INFORMATION SHOWN:
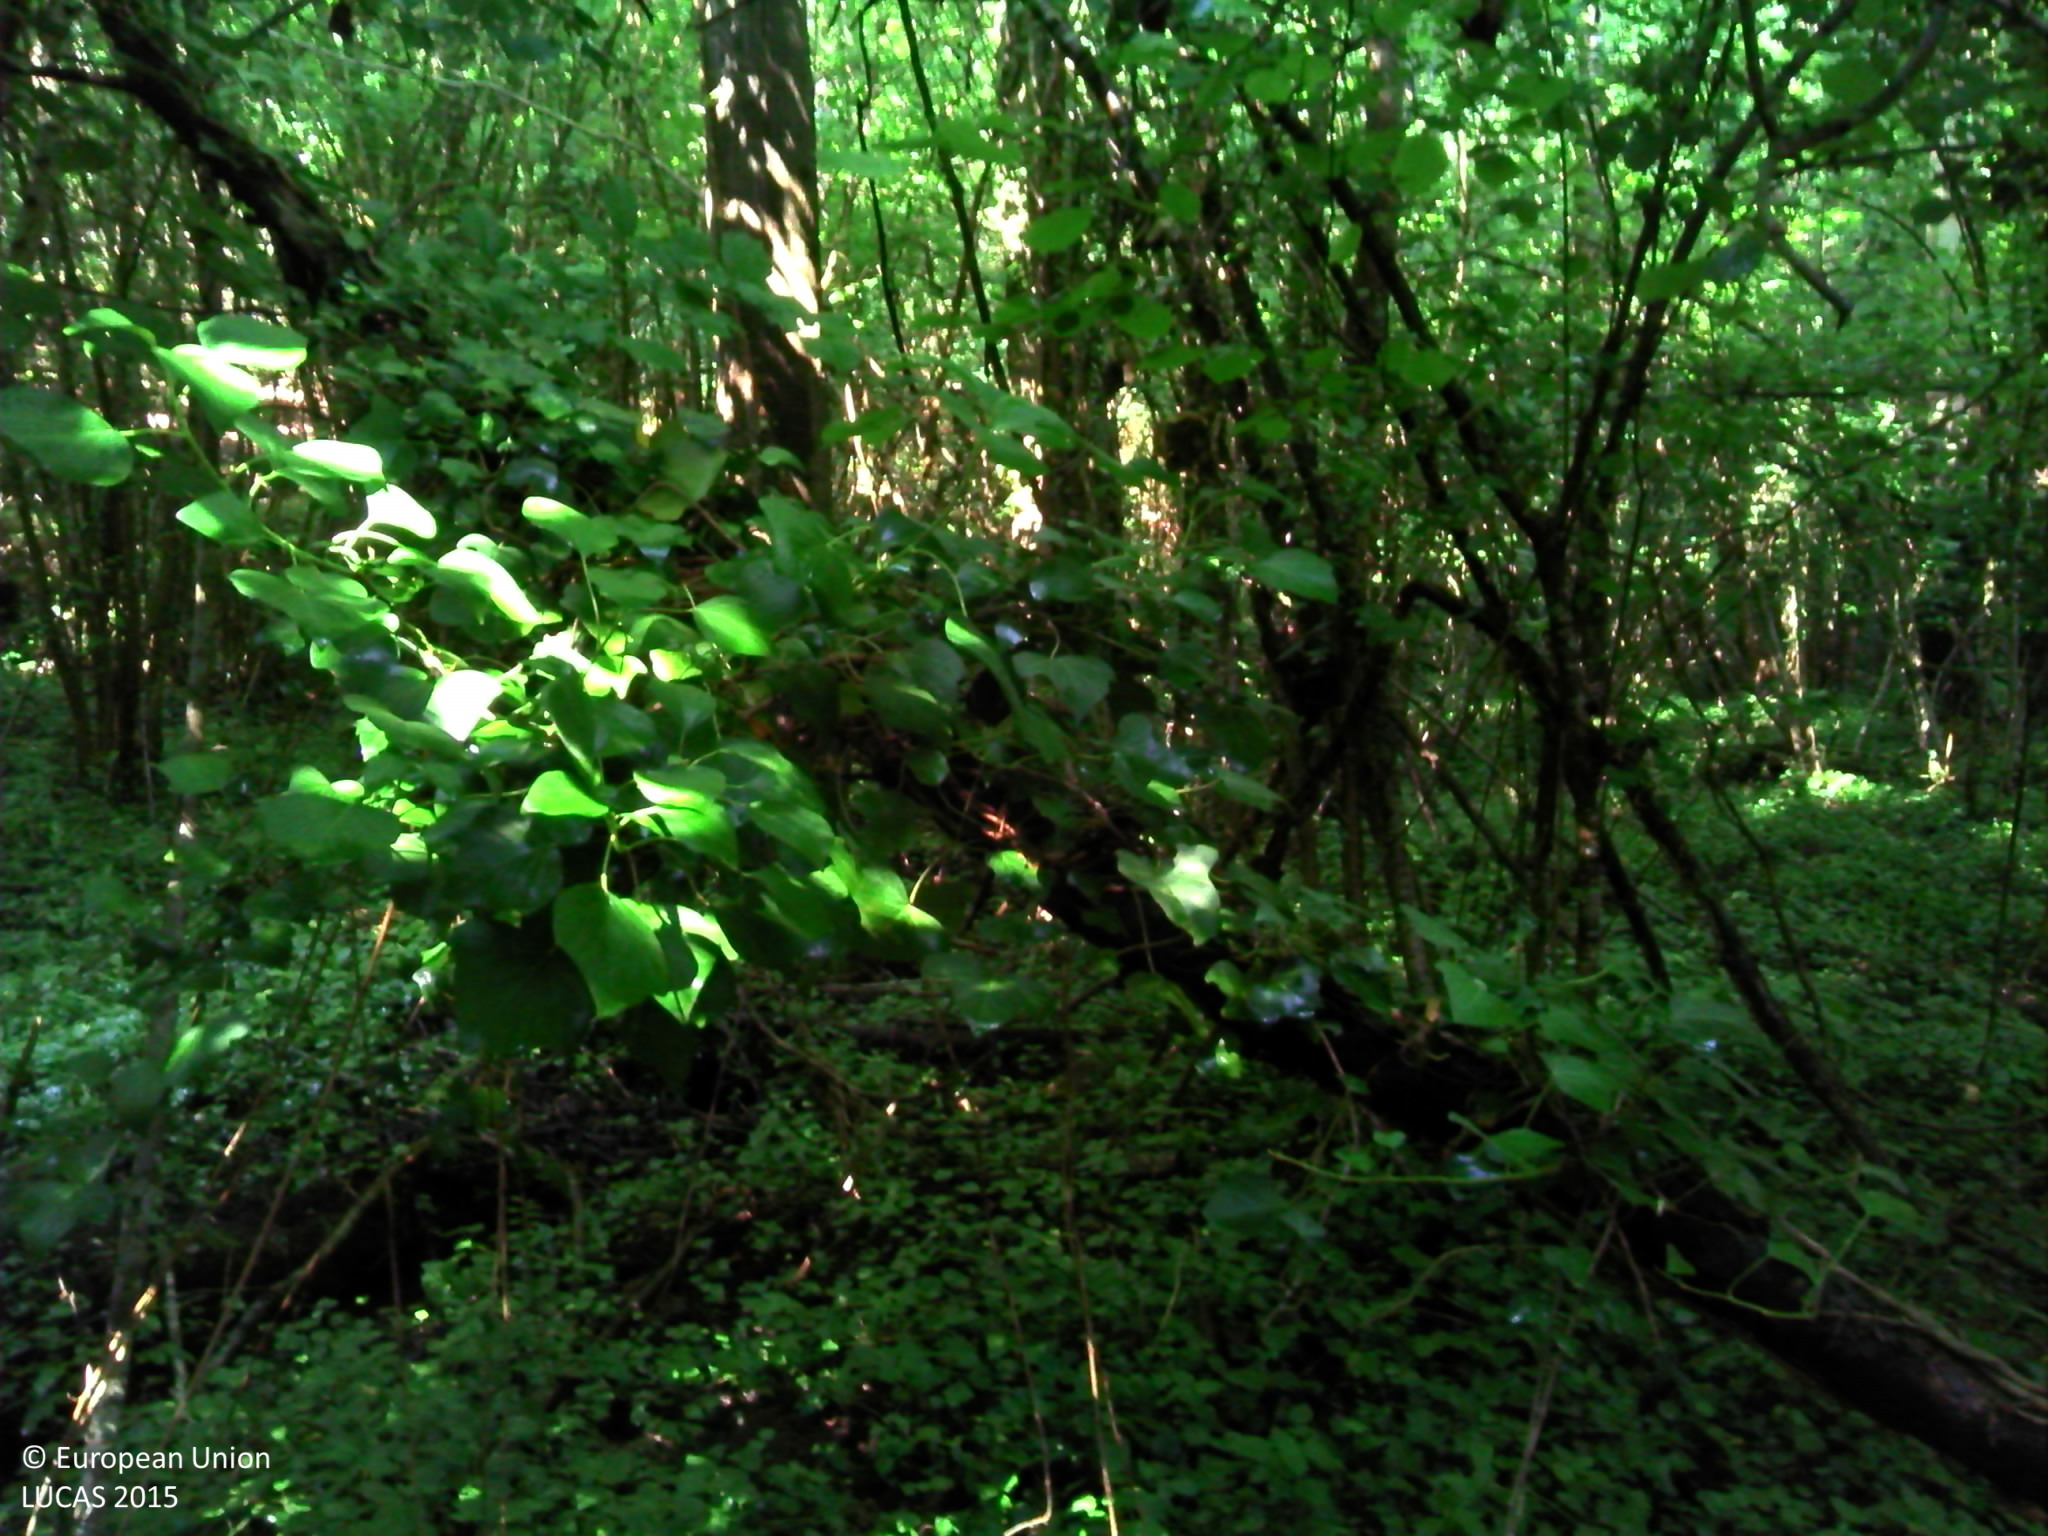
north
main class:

--

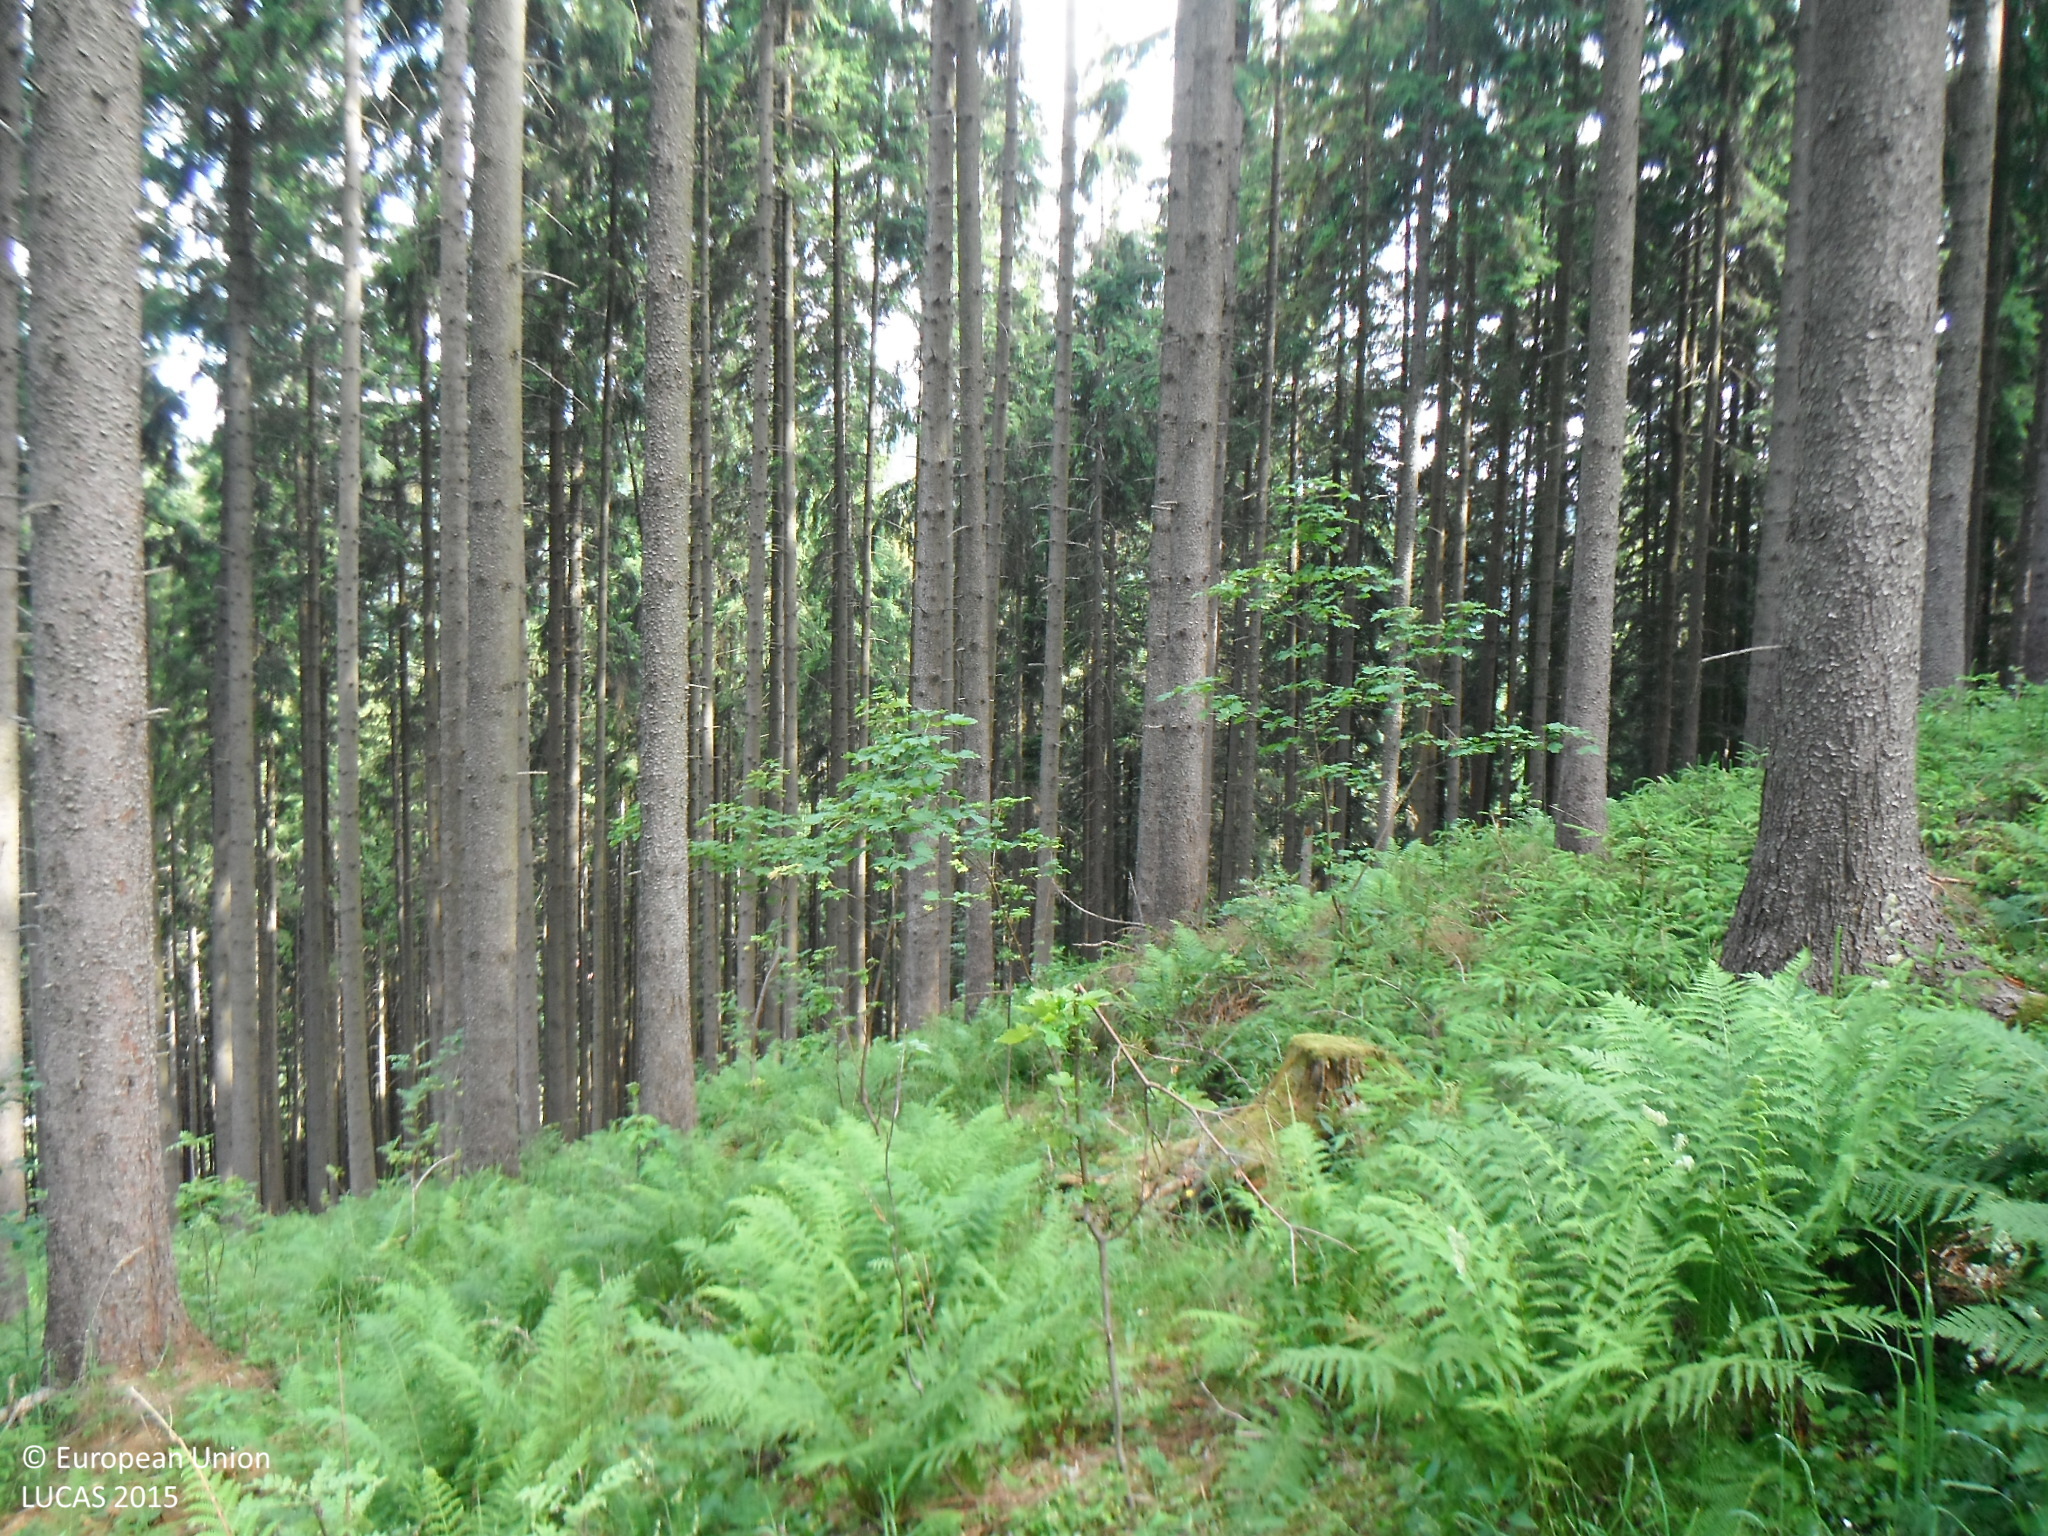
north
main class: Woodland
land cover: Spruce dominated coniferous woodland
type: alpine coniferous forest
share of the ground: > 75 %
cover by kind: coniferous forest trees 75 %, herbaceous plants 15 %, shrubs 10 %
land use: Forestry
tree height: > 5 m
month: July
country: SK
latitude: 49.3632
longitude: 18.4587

--

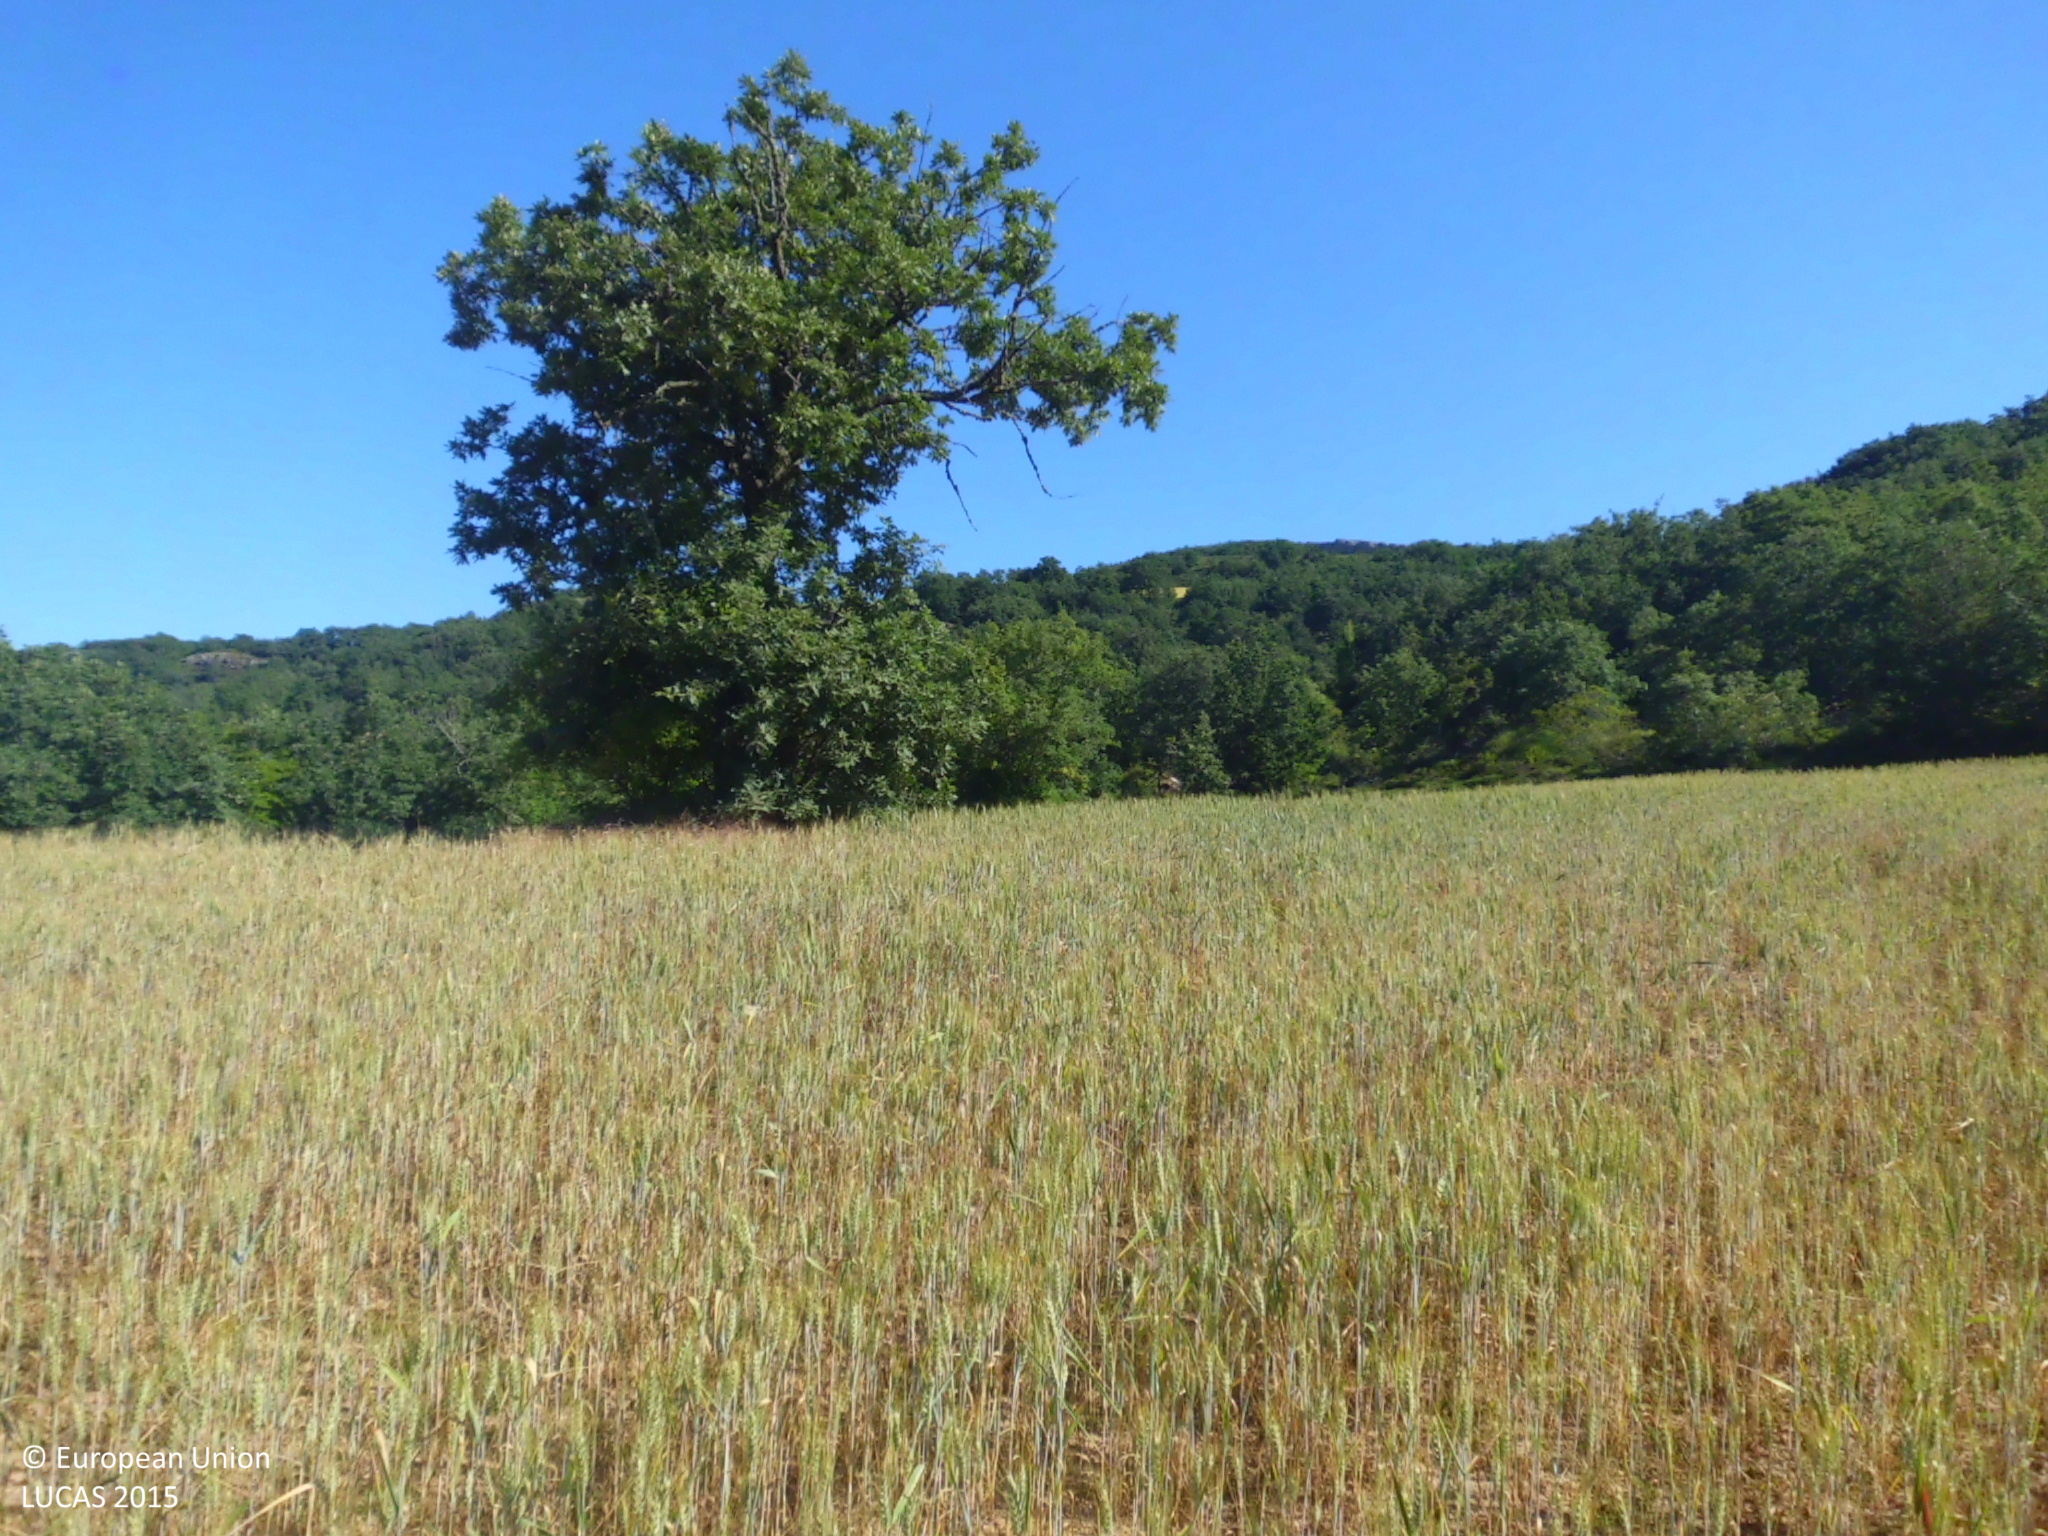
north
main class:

ASSIGNMENT:
One stretch of the lines above is wanted, from the line that contains "share of the ground: > 75 %" through the line that contains "longitude: 18.4587". Output it exactly.

SOLUTION FOR THIS PROBLEM:
share of the ground: > 75 %
cover by kind: coniferous forest trees 75 %, herbaceous plants 15 %, shrubs 10 %
land use: Forestry
tree height: > 5 m
month: July
country: SK
latitude: 49.3632
longitude: 18.4587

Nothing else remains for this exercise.